Os mecanismos pelos quais o Cobre exerce efeito positivo sobre a conversão alimentar quando suplementado acima dos níveis de requerimento (níveis ‘supranutricionais’) não são totalmente ainda reconhecidos. Tradicionalmente, seus benefícios estão atribuídos ao efeito antibacteriano, isso porque, pelo uso de elevadas concentrações de um metal pesado se torna potencialmente inibidor de diversos microrganismos no ambiente gastrointestinal. Entretanto, estudos recentes também sugerem outras formas de ação (Figura 1).

Outro ponto que deve ser levado em consideração sobre a avaliação da efetividade da suplementação do Cobre é a influência direta da fonte de Cobre e respectiva biodisponibilidade sobre os resultados de desempenho.
Efeito Antibacteriano
Com o objetivo de manipular a microflora intestinal, seu uso se tornou habitual nas dietas de aves e suínos em níveis ‘supranutricionais’ para promover efeito antimicrobiano, melhorando assim o desempenho dos animais. Vários estudos apontam mudanças nas características das populações bacterianas no intestino de suínos e seus dejetos. Um pesquisador avaliou o efeito de sulfato de Cobre na microbiota gastrointestinal de leitões.
A suplementação com 175ppm de Cobre resultou principalmente na inibição de coliformes no intestino. Segundo outro estudo, por meio da regulação intestinal da microflora, o número de linfócitos associados à área das vilosidades intestinais de frangos foi reduzido, indicando menor desafio imune de aves suplementadas com altos níveis de Cobre.
Efeito Sistêmico
Ao ser absorvido no intestino, o Cobre segue para a corrente sanguínea, podendo alcançar uma série de tecidos com influência sobre o crescimento do animal. Por exemplo, níveis elevados de Cobre podem induzir a uma elevação na concentração de Cobre no cérebro, podendo afetar potencialmente a secreção de substâncias que resultam melhor desempenho. Outro estudioso injetou Cobre via intravenosa simulando a quantidade de Cobre sérico atingido em suínos alimentados com sulfato em doses ‘supranutricionais’.
O Cobre não foi introduzido via oral, portanto, não teve contato com o meio ambiente gastrointestinal, isolando o efeito antibacteriano. Suínos injetados com Cobre apresentaram maiores níveis hepáticos, séricos e intracerebrais de Cobre, além de melhor ganho de peso e conversão alimentar. Neste mesmo estudo, animais que receberam Cobre apresentaram aumento da atividade mitogênica – capacidade de multiplicação celular – e aumento relativo do músculo longissimus.
O mesmo autor, em 2014, utilizando fontes distintas de Cu avaliou a concentração disponível no fígado de leitões após suplementação oral encontrando importantes diferenças entre as fontes caracterizando diferença de biodisponibilidade e absorção de cada fonte (Gráfico 1).

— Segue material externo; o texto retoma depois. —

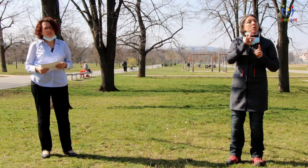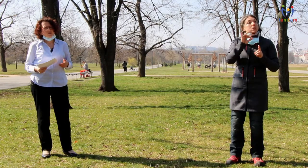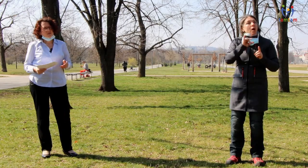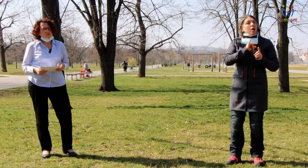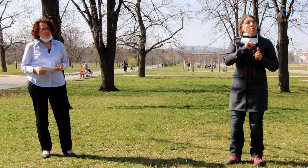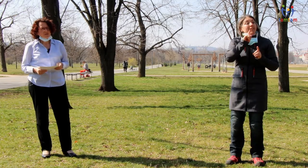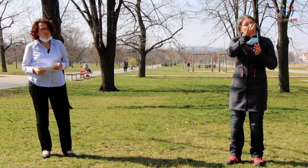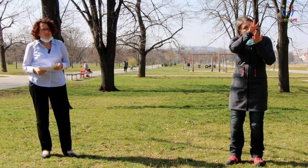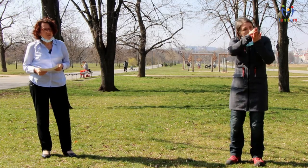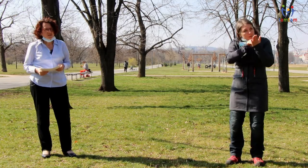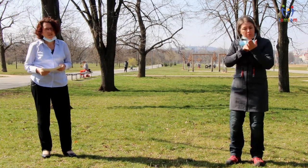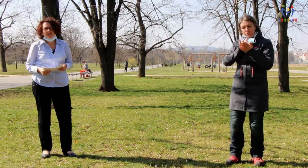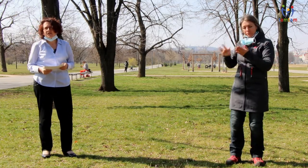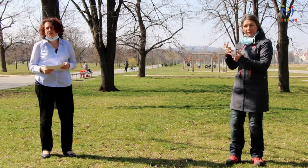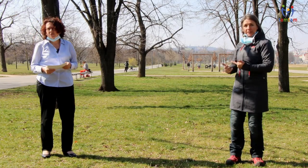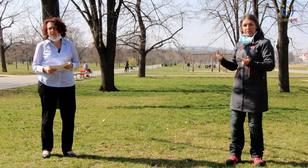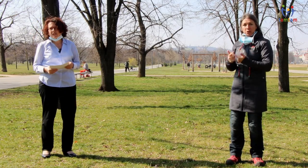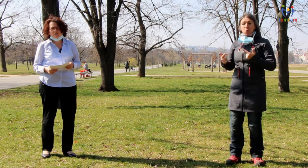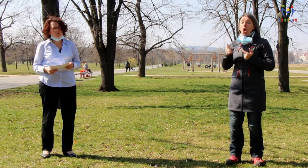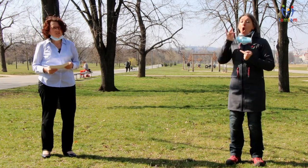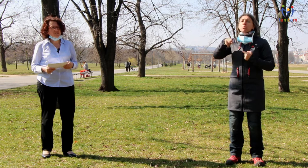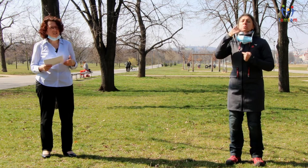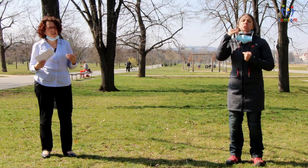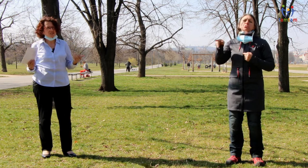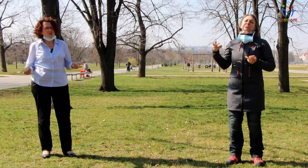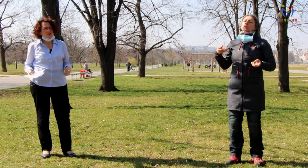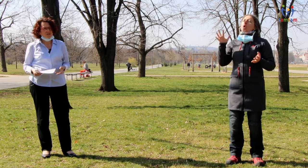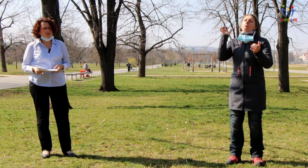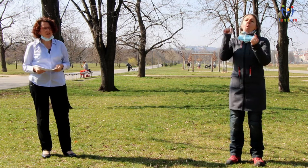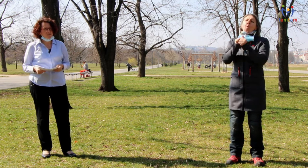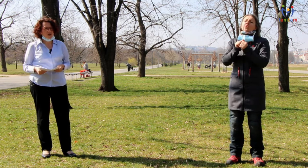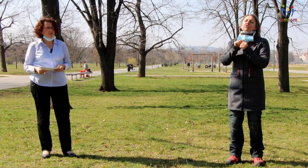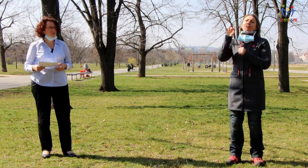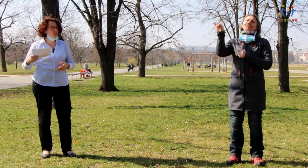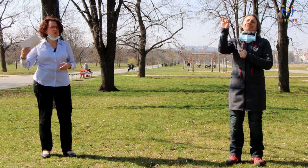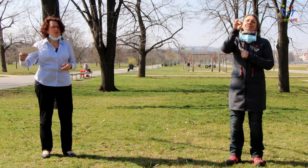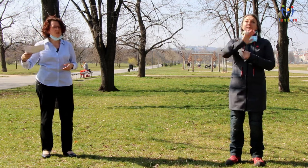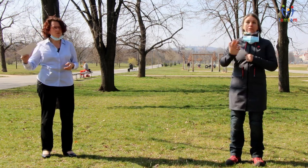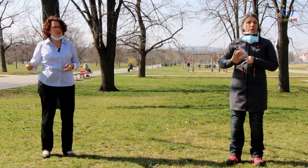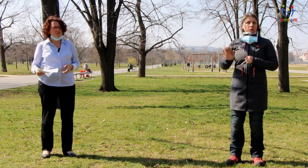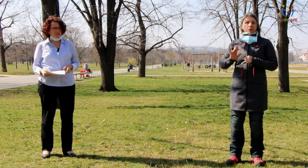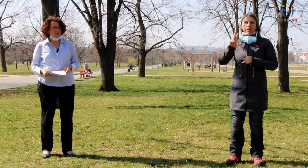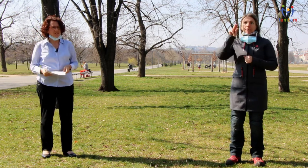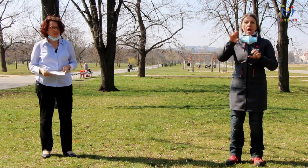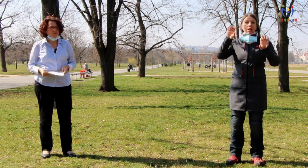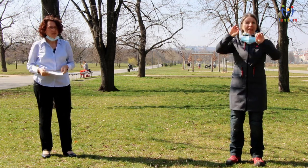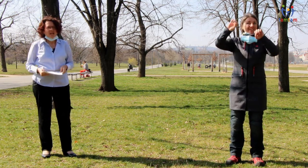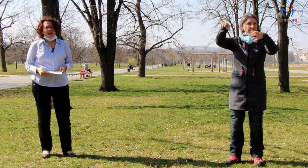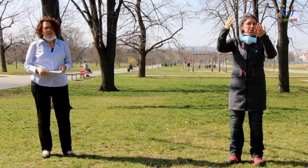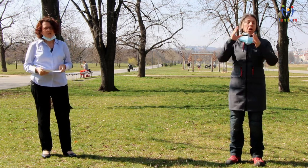někdy mylně myslíme, že děti nevnímají informace, které slyší třeba ze zpráv, které běží na pozadí v televizi. Ale je
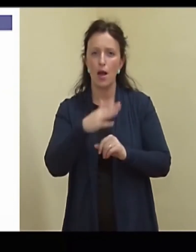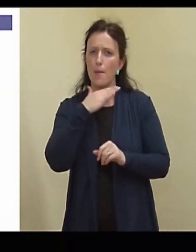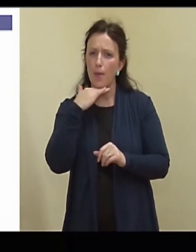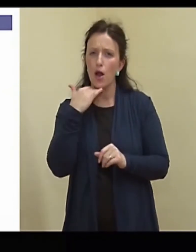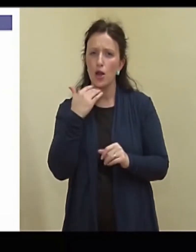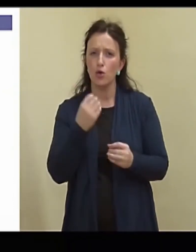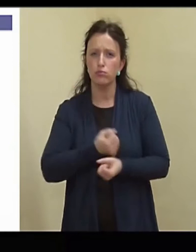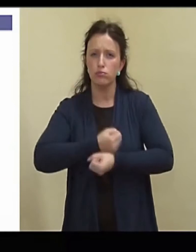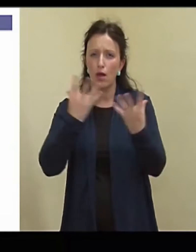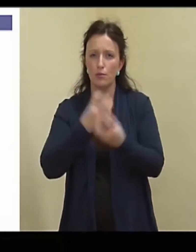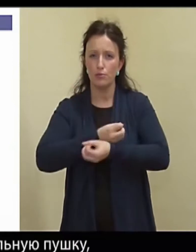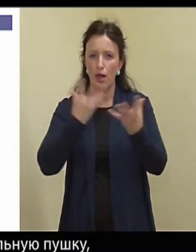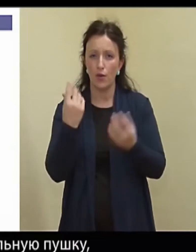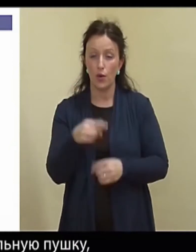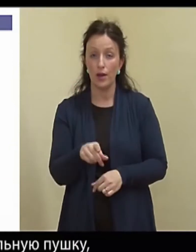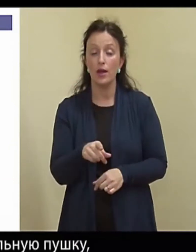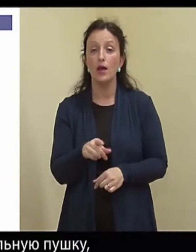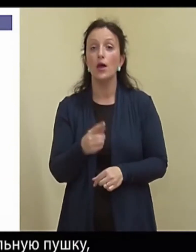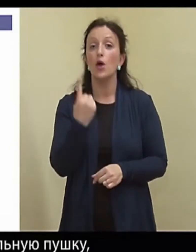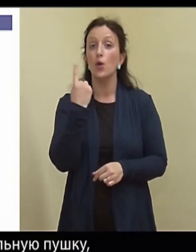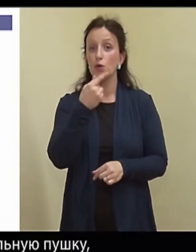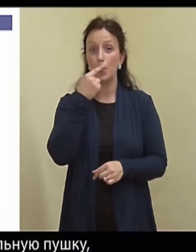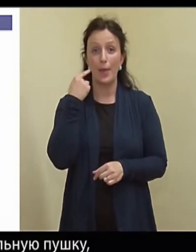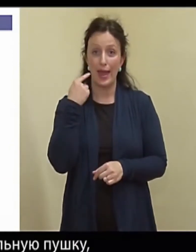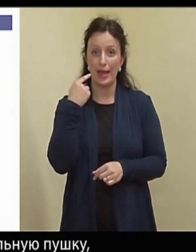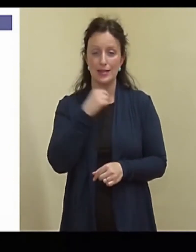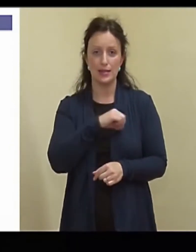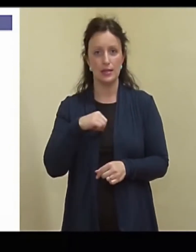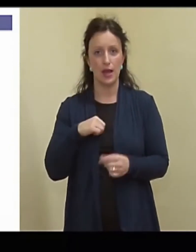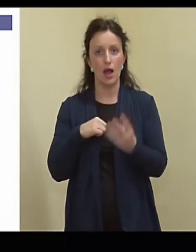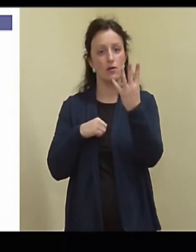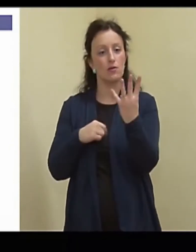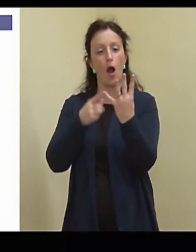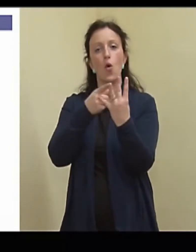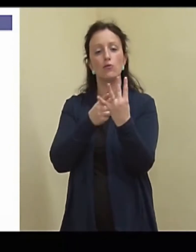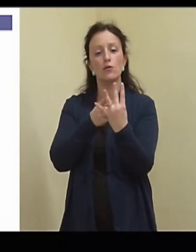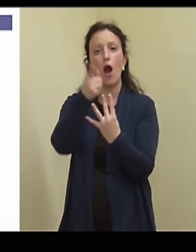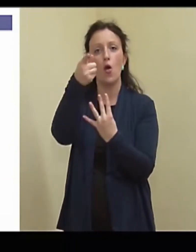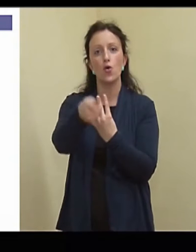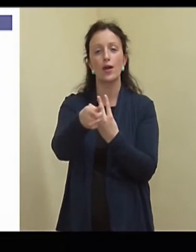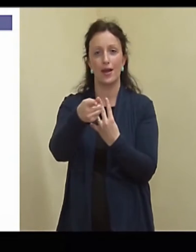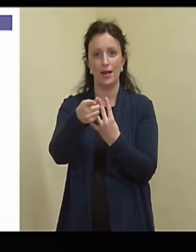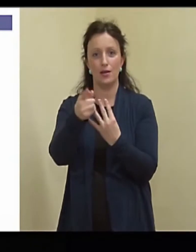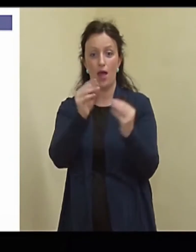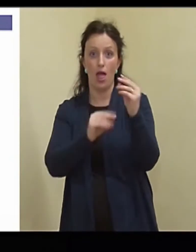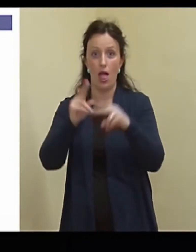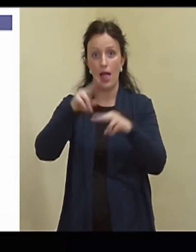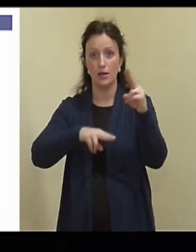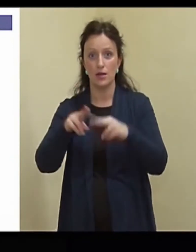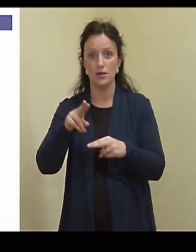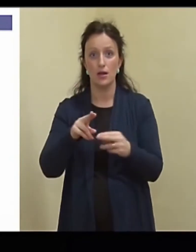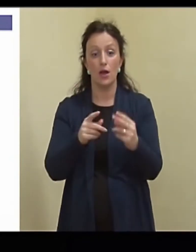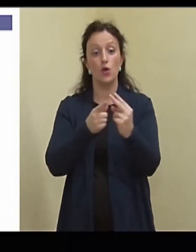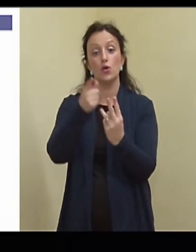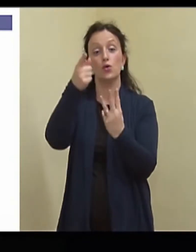plahvatusi. Üks härrasmees tegi ise kahuri, vaadake kilus, töötas hästi. Aga töötas ainult

Em estudo de 2019, foi realizada a medição da expressão gênica da grelina e também do hormônio do crescimento, indicando uma importante participação do Cobre na expressão destas duas substâncias no ganho de peso dos animais.
Via entero-hepato-biliar
Esta seria a via ou mecanismo de ação com importância significativa para o efeito local intestinal. Conceitualmente, o Cobre pode ser absorvido no intestino, atingir o sangue, o fígado e ser eliminado via biliar. Ao atingir o intestino novamente, poderia desempenhar uma função antibacteriana local expressiva. A possível importância da via entero-hepato-biliar para o efeito do Cobre como melhorador da conversão alimentar.
Influência das diferentes fontes de Cobre sobre o desempenho
Os microminerais, como o Cobre, podem interagir com um universo de substâncias (fibras, fitatos, outros minerais, proteínas, etc.) principalmente sob baixo pH (estômago), formando complexos insolúveis menos absorvíveis ou constituindo complexos solúveis, mas de alto peso molecular, que reduzem a absorção intestinal e/ou sua atividade antimicrobiana.
Embora a maior parte dos estudos publicados até o momento tenha avaliado o potencial do Cobre utilizando fontes inorgânicas mais passíveis à ocorrência de interações e reconhecidamente menos biodisponíveis, hoje são conhecidos os diferenciais da fonte orgânica de Cobre. Mesmo quando suplementado em baixos níveis o Cobre fornecido apresenta melhores resultados de desempenho (Gráficos 2 e 3).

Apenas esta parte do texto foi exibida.